Most people FAIL when using the Law of Attraction because they make lots of conscious efforts to focus on what they want and keep their vibrations HIGH, while all the time, their Subconscious mind keep holding to the same OLD beliefs which ARE CAUSING them to automatically send out the same OLD ‘low’ vibrations attracting more of what they do NOT want.

CHANGE your beliefs (and value-beliefs) and almost like by magic, you will (1) predominantly think in a NEW way, (2) predominantly focus on NEW things, (3) predominantly experience NEW and more empowering emotional ‘states’, and (4) you will predominantly have NEW attitudes and behaviors — which will CAUSE you to send out the NEW, high vibrations attracting to you what you truly desire.

The STEPS used to activate the Law of Attraction are the following

1. Identify and make a list of all the limiting beliefs you have about money, including why you believe you cannot make more money.

2. Identify and make a list of all the limiting, conflicting values you have about money . (Value is a certain type of belief which places more importance on certain things than on others. Examples are “It is better to give than to receive”, “I’d rather be honest that rich”, “There are other things more important that money”, “Money isn’t everything”, “Money is not that important to me”, and so on. With those value-beliefs you will never attract great sums of money. instead, you will be a money repellent.

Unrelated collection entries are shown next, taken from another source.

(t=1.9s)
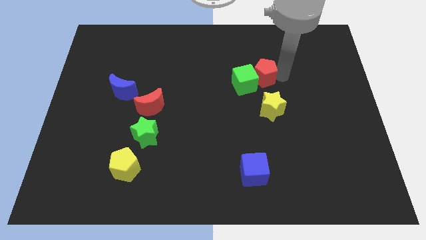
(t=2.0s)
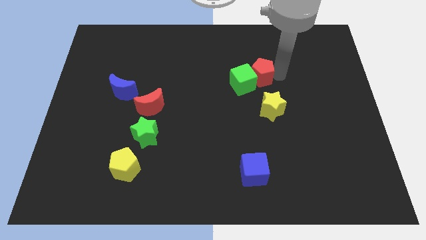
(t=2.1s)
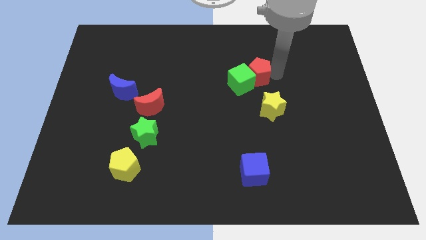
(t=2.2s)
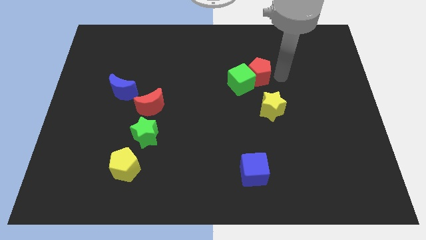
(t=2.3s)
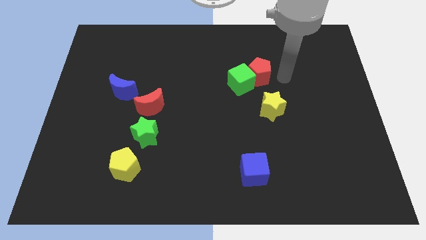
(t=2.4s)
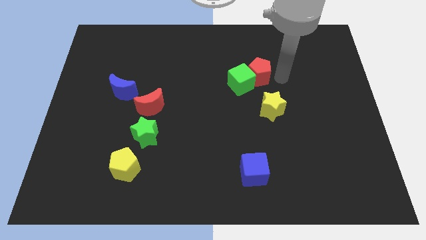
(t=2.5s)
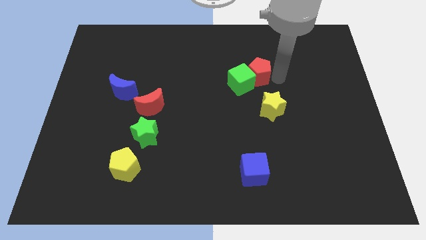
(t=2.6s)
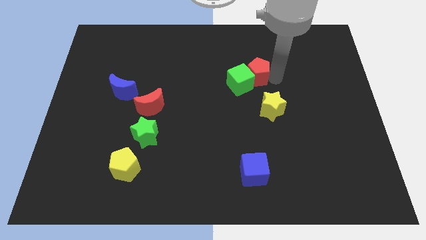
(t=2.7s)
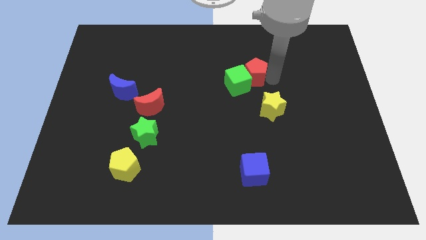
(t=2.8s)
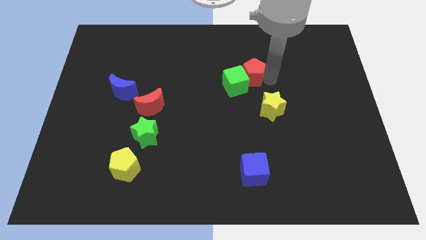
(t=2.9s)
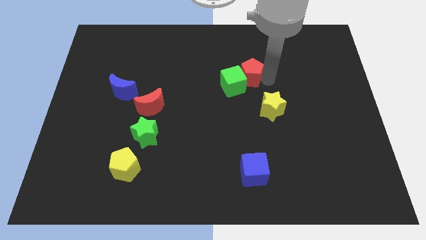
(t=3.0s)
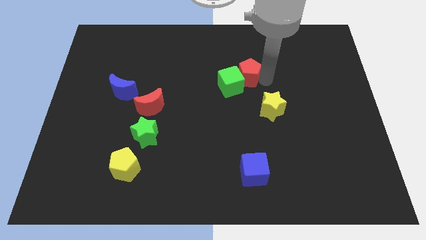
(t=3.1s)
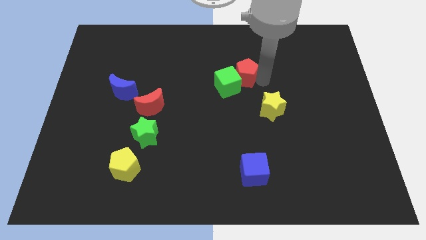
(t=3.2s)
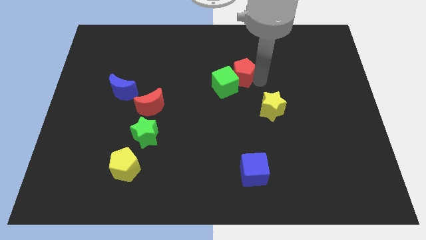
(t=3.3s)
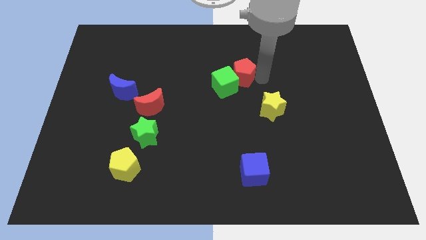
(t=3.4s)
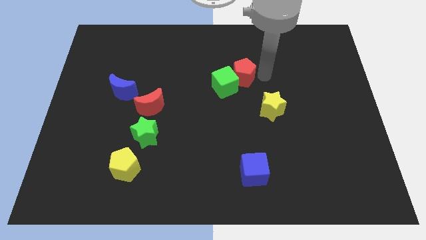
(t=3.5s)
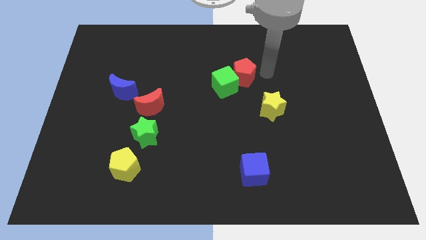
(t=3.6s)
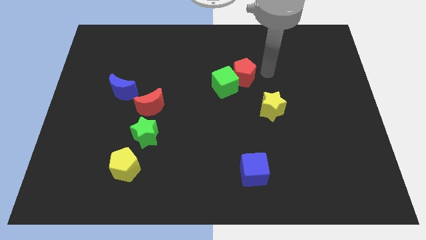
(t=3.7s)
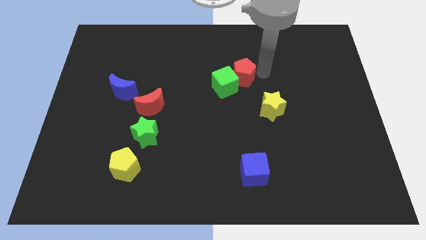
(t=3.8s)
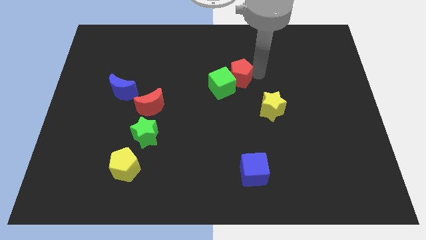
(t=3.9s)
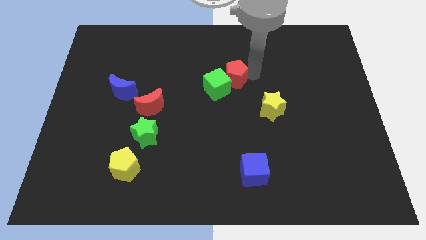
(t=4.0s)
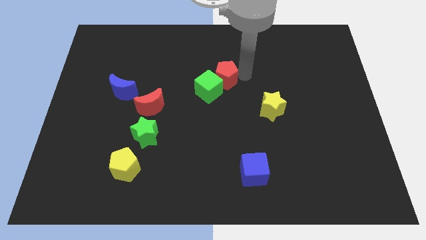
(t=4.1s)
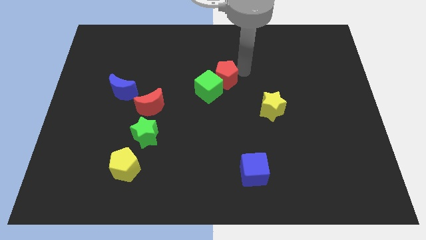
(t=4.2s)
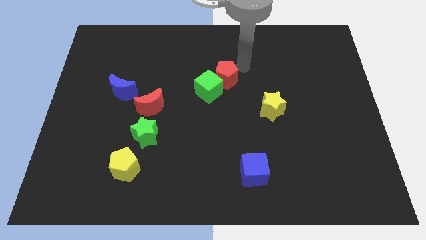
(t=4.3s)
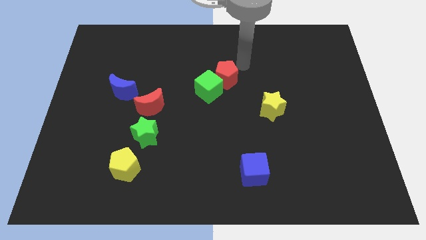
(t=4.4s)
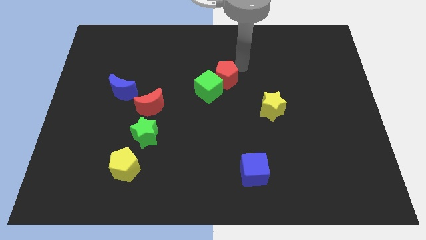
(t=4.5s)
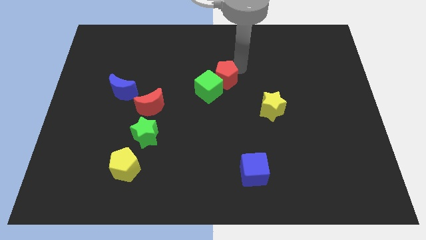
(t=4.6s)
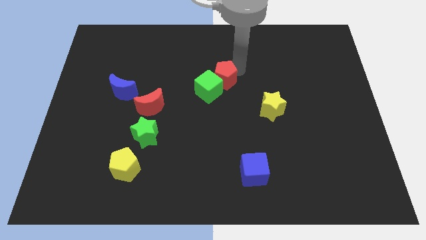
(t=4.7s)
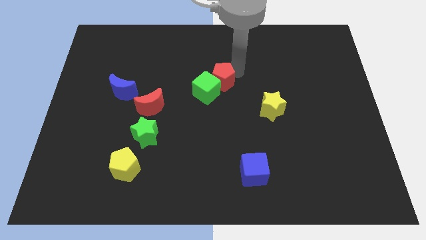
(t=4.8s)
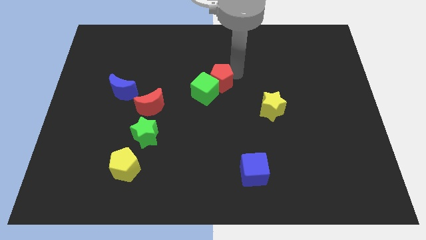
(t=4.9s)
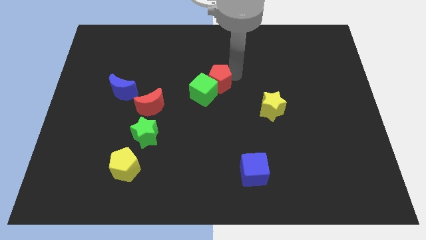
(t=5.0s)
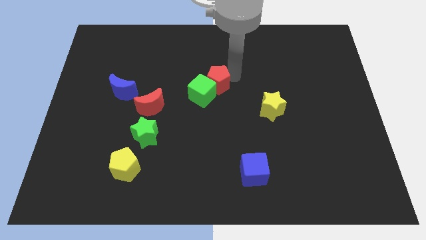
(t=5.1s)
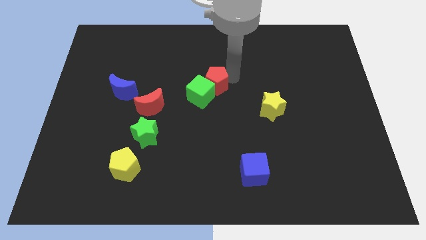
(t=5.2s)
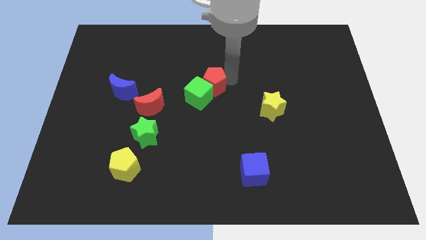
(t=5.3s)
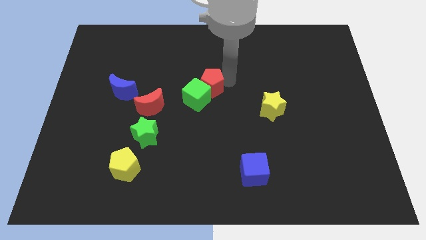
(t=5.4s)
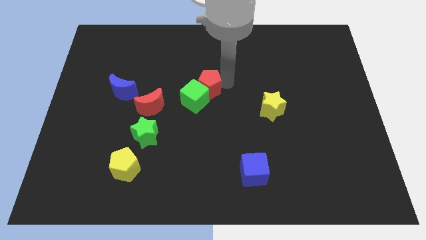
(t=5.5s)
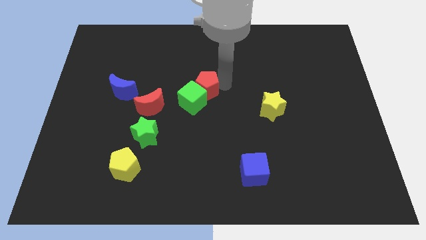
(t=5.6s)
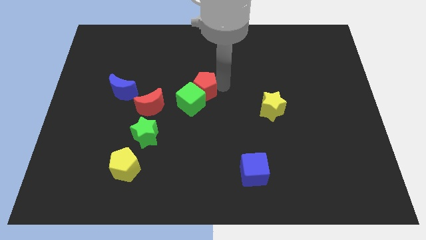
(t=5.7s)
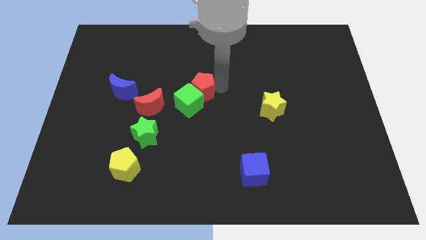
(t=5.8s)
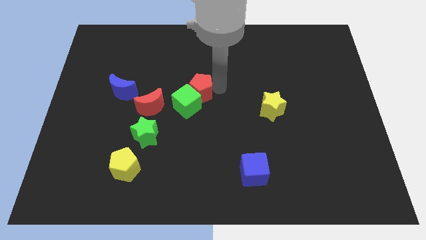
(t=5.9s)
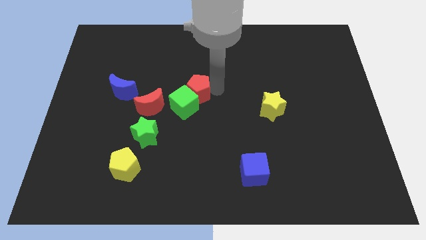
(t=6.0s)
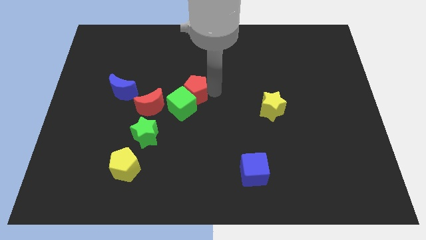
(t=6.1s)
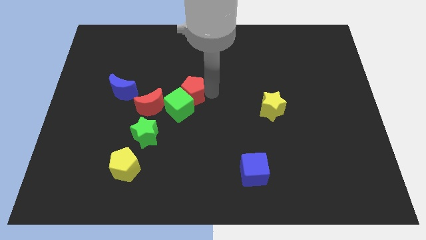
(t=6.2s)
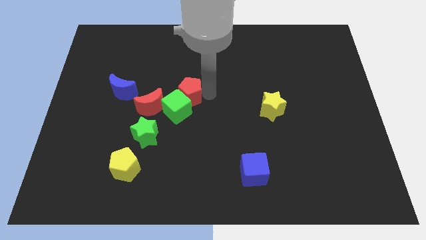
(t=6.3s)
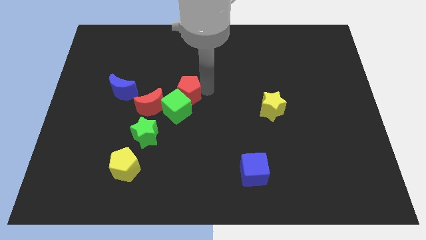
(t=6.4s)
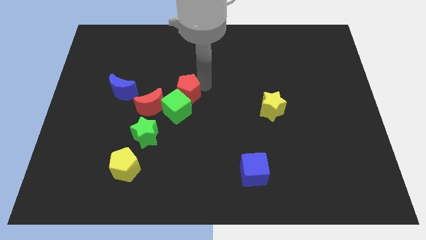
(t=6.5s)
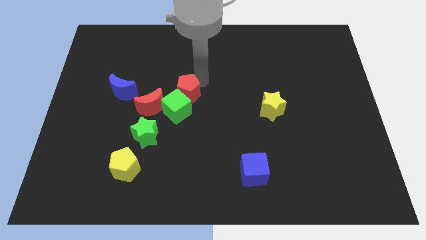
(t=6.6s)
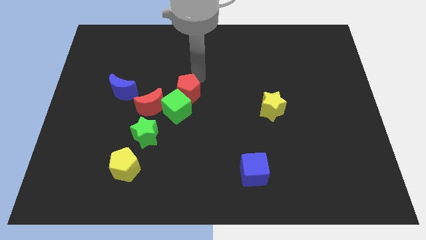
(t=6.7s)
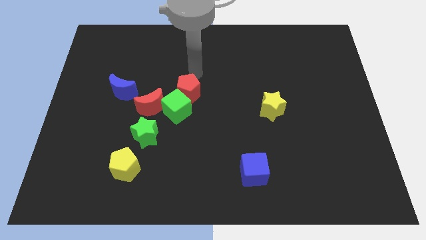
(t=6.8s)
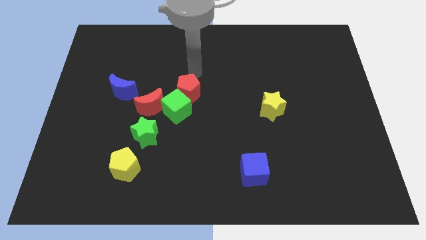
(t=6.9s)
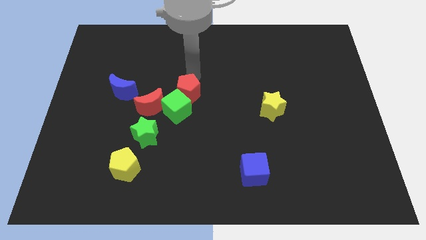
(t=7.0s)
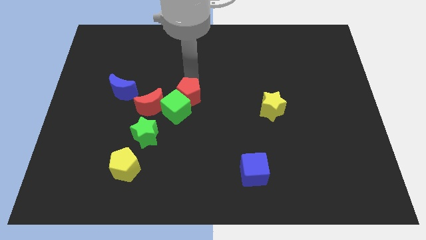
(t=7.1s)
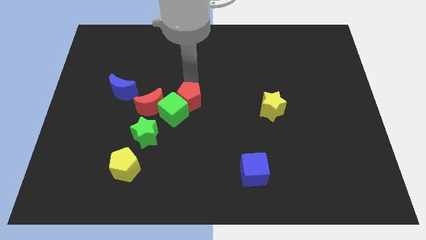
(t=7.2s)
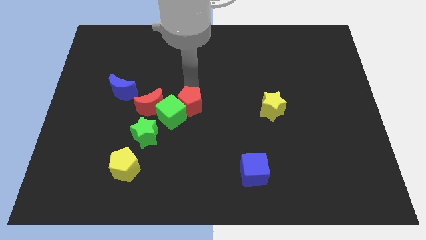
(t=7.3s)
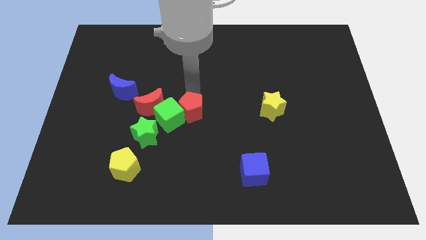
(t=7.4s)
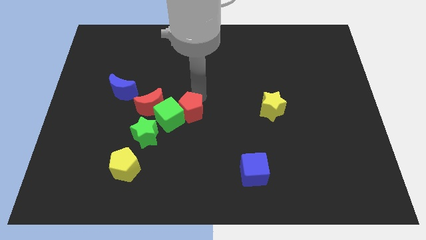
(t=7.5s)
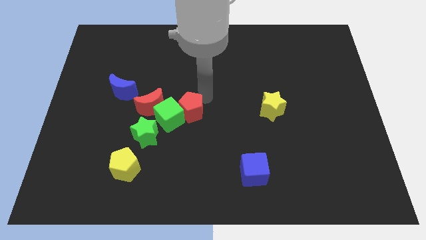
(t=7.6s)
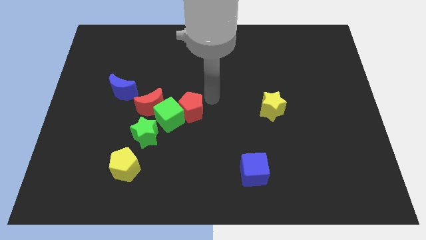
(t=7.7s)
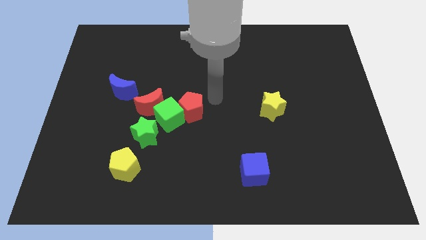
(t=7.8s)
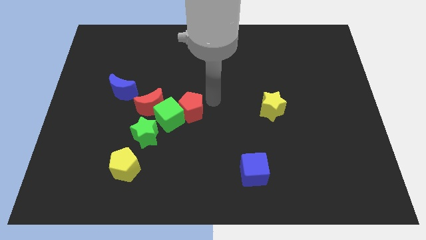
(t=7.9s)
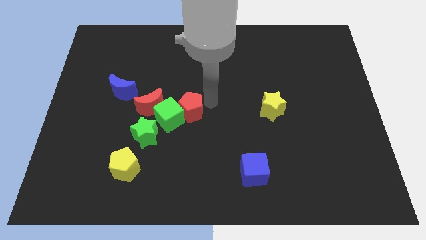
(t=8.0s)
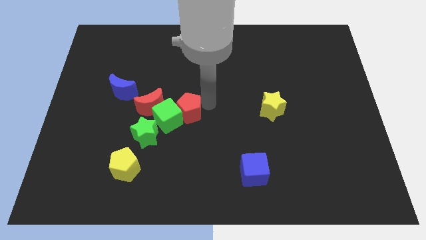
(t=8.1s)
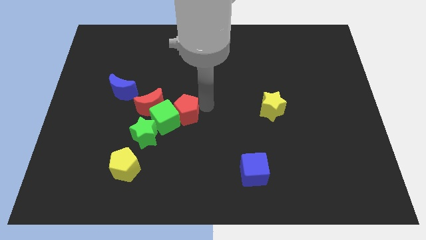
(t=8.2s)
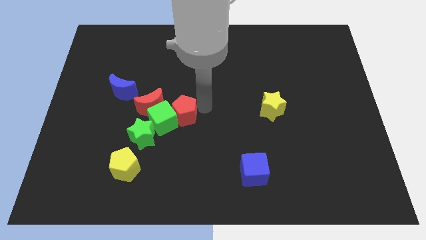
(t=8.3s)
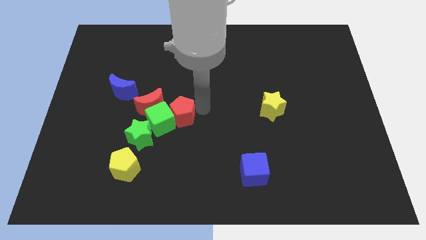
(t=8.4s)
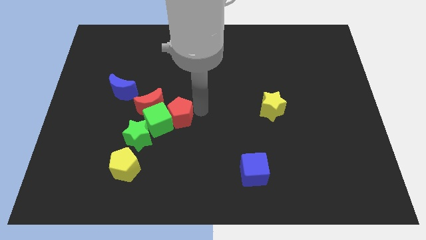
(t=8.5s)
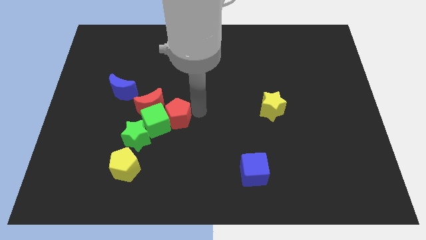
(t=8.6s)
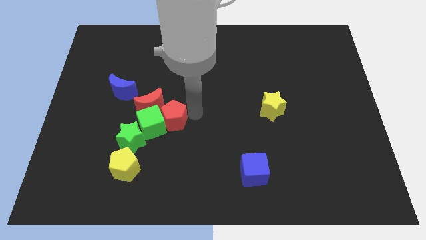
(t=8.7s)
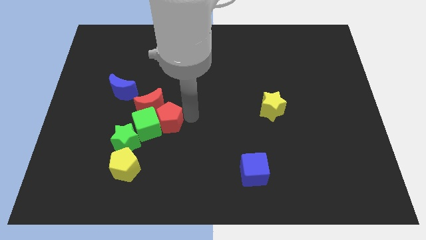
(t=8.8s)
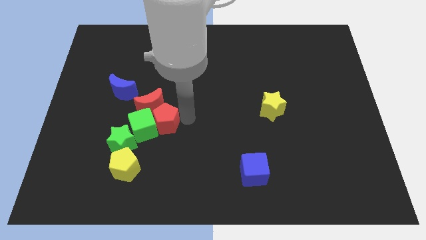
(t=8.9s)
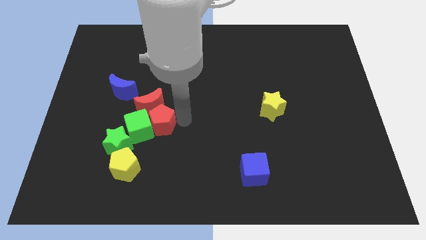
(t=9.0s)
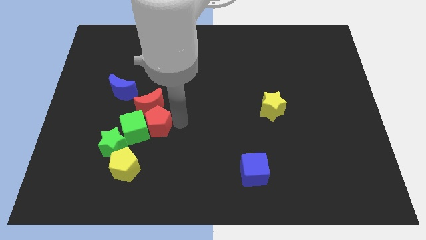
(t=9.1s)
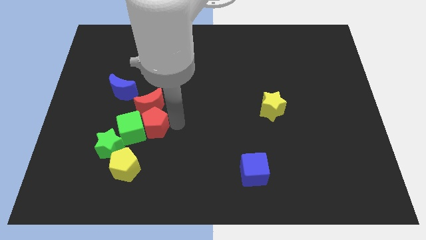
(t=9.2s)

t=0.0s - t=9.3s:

3. Proceed to ELIMINATE all the limiting beliefs and values in your list in your LIST. There are many ways to do that. It is not possible to cover them In this short article.

4. REPLACE those beliefs/values with beliefs/values that will give you what you desire.

5. Study the lives and the way of thinking of very rich people. Make a LIST of those beliefs/values they must possess in order to think, act and achieve the way they do. Incorporate them into your thinking immediately.

6. Keep programming into your mind all those beliefs/values until they become part of your Subconscious mentality — at which time you will automatically start thinking like a rich person.

7. Become proficient at self-hypnosis to make the re-programming easier and faster.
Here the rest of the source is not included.